Menurut buku acuan nasional pelayanan kesehatan maternal dan neonatal maka
penanganan ketuban pecah dini :
Penanganan konservatif
o Rawat rumah sakit
o Beri antibiotik ( amphicilin 4 x 500 mg atau eritromicin bila tak tahan
amphicilin dan metronidazole 2 x 500 mg selama 7 hari).
o Jika umur kehamilan < 32- 34 minggu dirawat selama air ketuban masih
keluar atau sampai air ketuban tidak keluar lagi.

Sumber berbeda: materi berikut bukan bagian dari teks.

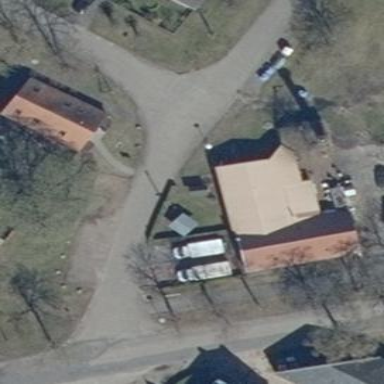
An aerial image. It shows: Simple and straightforward house.

o Jika usia kehamilan 32-37 minggu, belum inpartu, tidak ada infeksi, tes
busa negative, beri deksamethason, obervasi tanda-tanda infeksi dan
kesejahteraan janin. Terminasi pada kehamilan 37 minggu.
o Jika usia kehamilan 32-37 minggu, sudah inpartu, tidak ada tanda infeksi,
berikan tokolitik ( salbutamol ), deksamethason dan induksi sesudah 24 jam.
o Jika usia kehamilan 32-37 minggu, ada infeksi, beri antibiotic dan lakukan
induksi.
18
o Nilai tanda-tanda infeksi ( suhu, lekosit, tanda-tanda infeksi intrauterine )
o Pada usia kehamilan 32-34 minggu berikan steroid, untuk memacu
kematangan paru janin dan kalau memungkinkan periksa kadar lesetin dan
spingomielin tiap minggu. Dosis betamethason 12 mg sehari dosis tunggal
selama 2 hari, deksamethason IM 5 mg setiap 6 jam sebanyak 4 kali
Penanganan aktif
o Kehamilan > 37 minggu induksi dengan oksitosin, bila gagal seksio
sesaria. Dapat pula diberikan misoprostol 50 μg intravagial tiap 6 jam
maksimal 4 kali.
o Bila didapatkan tanda infeksi berikan antibiotic dosis tinggi dan persalinan
diakhiri
o Skor pelvic < 5 lakukan pematangan serviks kemudian induksi. Jika
induksi gagal lanjut dengan seksio sesaria
o Bila pelvic skor > 5 induksi persalinan dan partus pervaginum
Cara Induksi Persalinan
Secara medis
a. Infuse oksitosin
Kemasan yang dipakai adalah pitosin, sintosinon. Syarat-syarat pemberian
infuse oksitosin
1) Agar infuse oksitosin berhasil dalam menginduksi persalinan dan
tidak memungkinkan penyulit baik pada ibu dan janin, maka
diperlukan syarat-syarat berikutnya :
a) Kehamilan aterm
b) Ukuran panggul normal
c) Tidak ada CPD (disproposi antara pelvis dan janin).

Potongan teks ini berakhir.